Squabble leaves TV viewers in the dark

A squabble between Charter Spectrum cable company and Northwest Broadcasting has left cable subscribers without access to the broadcaster's programming.

Cable subscribers from Yuma, Arizona, and Jackson, Wyoming, to Crescent City and Medford haven't been able to see their favorite sitcoms aired on certain FOX channels since Feb. 2.

For Rogue Valley viewers, programming on FOX Channel 13, KMVU, has been replaced with a video by Charter blaming Northwest Broadcasting for the blackout. National Fox stations such as Fox News and Fox Sports 1 are not affected by the dispute.

Viewers can still see KMVU via a TV antenna on broadcast Channel 26.

KMVU is a local Fox affiliate broadcasting to the Rogue Valley and Klamath areas and the Shasta Cascade region of Northern California. It's owned by Stainless Broadcasting, a Northwest Broadcasting subsidiary.

CEOs for both Charter Spectrum and Northwest Broadcasting have taken to social media and websites to explain the standoff, with each company alleging the other is to blame.

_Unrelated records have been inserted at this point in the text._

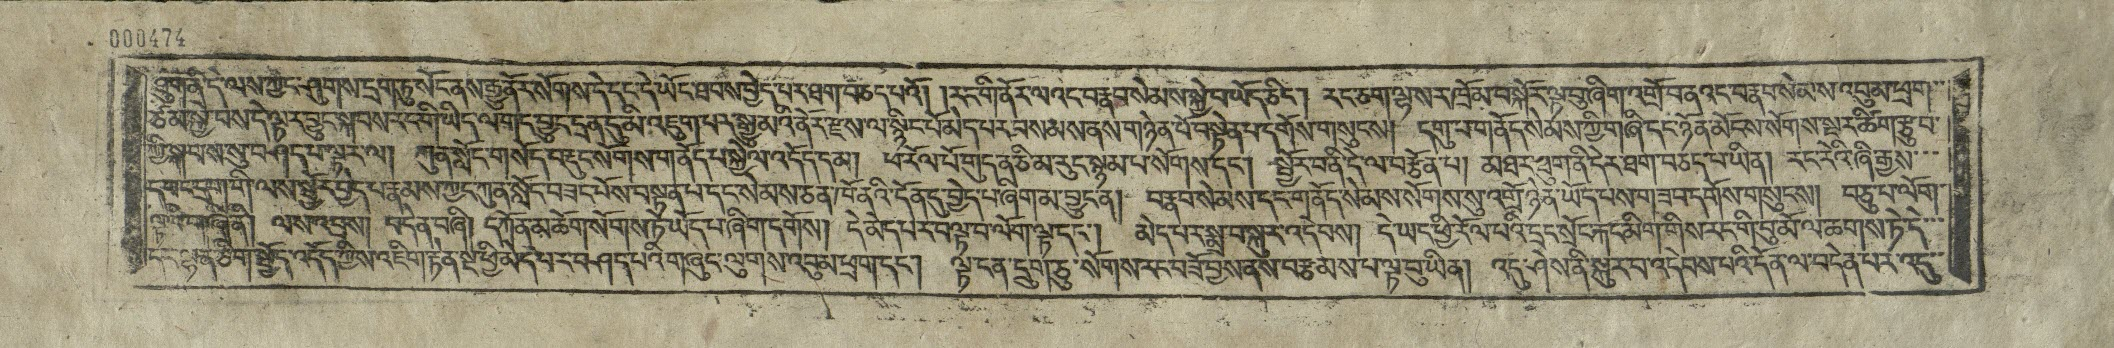ཐུག་ནི་དེ་ལས་ཀྱང་ཤུགས་དྲག་ཏུ་སོང་ནས་རྒྱུ་ནོར་སོགས་དེ་དང་དེ་ཡོང་ཐབས་བྱེད་པར་ཐག་བཅད་པའོ། །རང་གི་ནོར་ལའང་བརྣབ་སེམས་སྐྱེ་བ་ཡོད་ཅིང་། རང་ཅག་ལྷ་སར་ཁྲོམ་བསྐོར་ལྟ་བུ་ཞིག་འགྲོ་བ་ནའང་བརྣབ་སེམས་འབུམ་ཕྲག་
ཙམ་སྐྱེ་བས་དེ་ལྟར་བྱུང་སྐབས་རང་གི་ཡིད་ལ་གང་བྱུང་དྲན་དུ་མི་འཇུག་པར་སྒྱུ་མའི་ནོར་རྫས་ལ་སྙིང་པོ་མེད་པར་བསམས་ནས་གཉེན་པོ་བསྟེན་པ་དགོས་གསུངས། དགུ་པ་གནོད་སེམས་ཀྱི་གཞི་དང་ཉོན་མོངས་སོགས་སྔར་ཚིག་རྩུབ་
ཀྱི་སྐབས་སུ་བཤད་པ་ལྟར་ལ། ཀུན་སློང་གསོད་བརྡུང་སོགས་གནོད་པ་སྐྱེལ་འདོད་དམ། ཕ་རོལ་པོ་གུད་ན་ཅི་མ་རུང་སྙམ་པ་སོགས་དང་། སྦྱོར་བ་ནི་དེ་ལ་བརྩོན་པ། མཐར་ཐུག་ནི་དེར་ཐག་བཅད་པ་ཡིན། རང་རེའི་ཞི་རྒྱས་
དབང་དྲག་གི་ལས་སྦྱོར་བྱེད་པ་རྣམས་ཀྱང་ཀུན་སློང་བཟང་པོས་བསྟན་པ་དང་སེམས་ཅན་ཁོ་ནའི་དོན་དུ་བྱེད་པ་ཞིག་མ་བྱུང་ན། བརྣབ་སེམས་དང་གནོད་སེམས་སོགས་སུ་འགྲོ་ཉེན་ཡོད་པས་གཟབ་དགོས་གསུངས། བཅུ་པ་ལོག་
ལྟའི་གཞི་ནི། ལས་འབྲས། བདེན་བཞི། དཀོན་མཆོག་སོགས་ཏེ་ཡོད་པ་ཞིག་དགོས། དེ་མེད་པར་བལྟ་བ་ལོག་ལྟ་དང་། མེད་པར་སྨྲ་བ་སྐུར་འདེབས། དེ་ཡང་ཕྱི་རོལ་པའི་དྲང་སྲོང་རྐང་མིག་གིས་རང་གི་བུ་མོ་ལ་ཆགས་ཏེ་དེ་
དང་ལྷན་ཅིག་སྤྱོད་འདོད་ཀྱིས་འཇིག་རྟེན་སྔ་ཕྱི་མེད་པར་བཤད་པའི་གཞུང་ལུགས་འབུམ་ཕྲག་དང་། ལྟ་ངན་དྲུག་ཅུ་སོགས་རང་བཟོ་བྱས་ནས་བརྩམས་པ་ལྟ་བུ་ཡིན། འདུ་ཤེས་ནི་སྐུར་བ་འདེབས་པའི་དོན་ལ་བདེན་པར་འདུ་

Northwest Broadcasting CEO Brian Brady penned a letter apologizing to “all Spectrum customers” affected by the failure of the negotiations, which he said began last June, and explained that Spectrum representatives ignored efforts by his company to reach an agreement before the contract expired Jan. 31.

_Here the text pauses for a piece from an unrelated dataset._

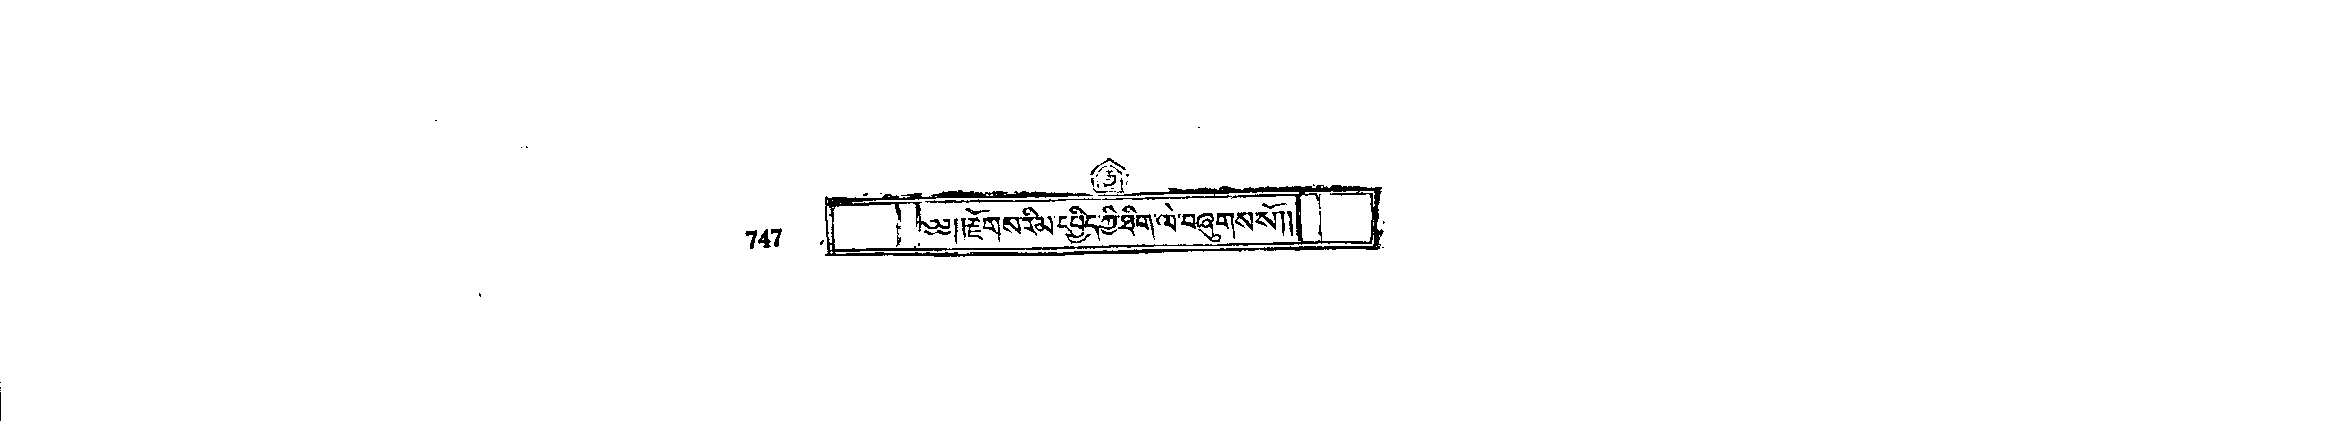༼རྒྱ༽ ༄༅། །རྫོགས་རིམ་དཔྱིད་ཀྱི་ཐིག་ལེ་བཞུགས་སོ། །

“Two weeks before the contract was to expire, we were told by their representative that they would not counter our recent proposal and that if we wanted to give them another number they would tell us if they would agree to it,” Brady said in the letter, which can be viewed at http://www.fox26medford.com/bring-kmvu-back/).

Following more failed negotiations, Brady said, discussions inched up until just before kickoff to last weekend’s Super Bowl.

“We then offered them an extension until Friday at 5 p.m. in order for us to work together so as to avoid any disruption. Friday afternoon with the new deadline looming they sent us a counter offer that was going to need work. Knowing it was going to take more time, we offered another extension through 5 p.m. Saturday and said let’s roll up our sleeves and get this figured out,” Brady stated in his letter.

“Their response was they wanted to extend until Monday so their subscribers could watch the Super Bowl before they took the stations down. Perplexed by what they had said (the Super Bowl aired on NBC), we repeated our offer to extend until Saturday at 5, and if we didn’t come to an agreement we would deal with another extension at that time. Their next response was, “we are taking your station down in the next 10 minutes,” and they hung up the phone. We haven’t heard from them since.”

On Friday, in an interview with the Mail Tribune, Brady said he learned that the domain northwestfairdeal.com — on which Charter blames Northwest Broadcasting and claims it was "demanding a ridiculous increase in programming fees" — was purchased by Charter on Jan. 18, two weeks before the negotiation deadline.

Brady cried foul.

“Let’s talk about the fact they walked away for two weeks, then said, ‘Give us another extension,’ but during that time they purchased that domain name because they knew what they were going to do,” Brady said.

“This was all premeditated.”

Spectrum released an official statement and answers to most common questions being posed by subscribers on northwestfairdeal.com.

The web page contends that Northwest Broadcasting removed its programming from Spectrum “to create hardship for our customers, while we are negotiating in good faith to reach a fair agreement.”

The page goes on to state that Northwest insisted on a more than 75 percent increase in programming fees and that pulling channels from distributors is a known “negotiating tactic” of Northwest. It said that Northwest was "demanding to be paid more than what we pay any other broadcast station for the same services."

Bret Picciolo, regional communications director for Charter, replied to an interview request via email Thursday that “Northwest’s fee increase demand of over 75 percent is outrageous, especially given that their programming is available free over the air and online."

Medford resident Kathy Wayne called the situation frustrating and ridiculous. Wayne said she realized the local FOX channel wasn’t on the air when her recorded shows were an hour’s worth of recorded screen time of Charter's video about the blackout.

“It’s politics, basically," she said. "We all know you can’t call and get a hold of a human being to save your life, but what are they going to say, anyway, if you’re just calling to whine and complain? They don’t care,” Wayne said.

“I think they could’ve worked it out before it got to this. It feels a little bit like the viewers are being held hostage.”

Both Brady’s statement and the web page posted by Spectrum include phone numbers and email links for subscribers to voice their concerns.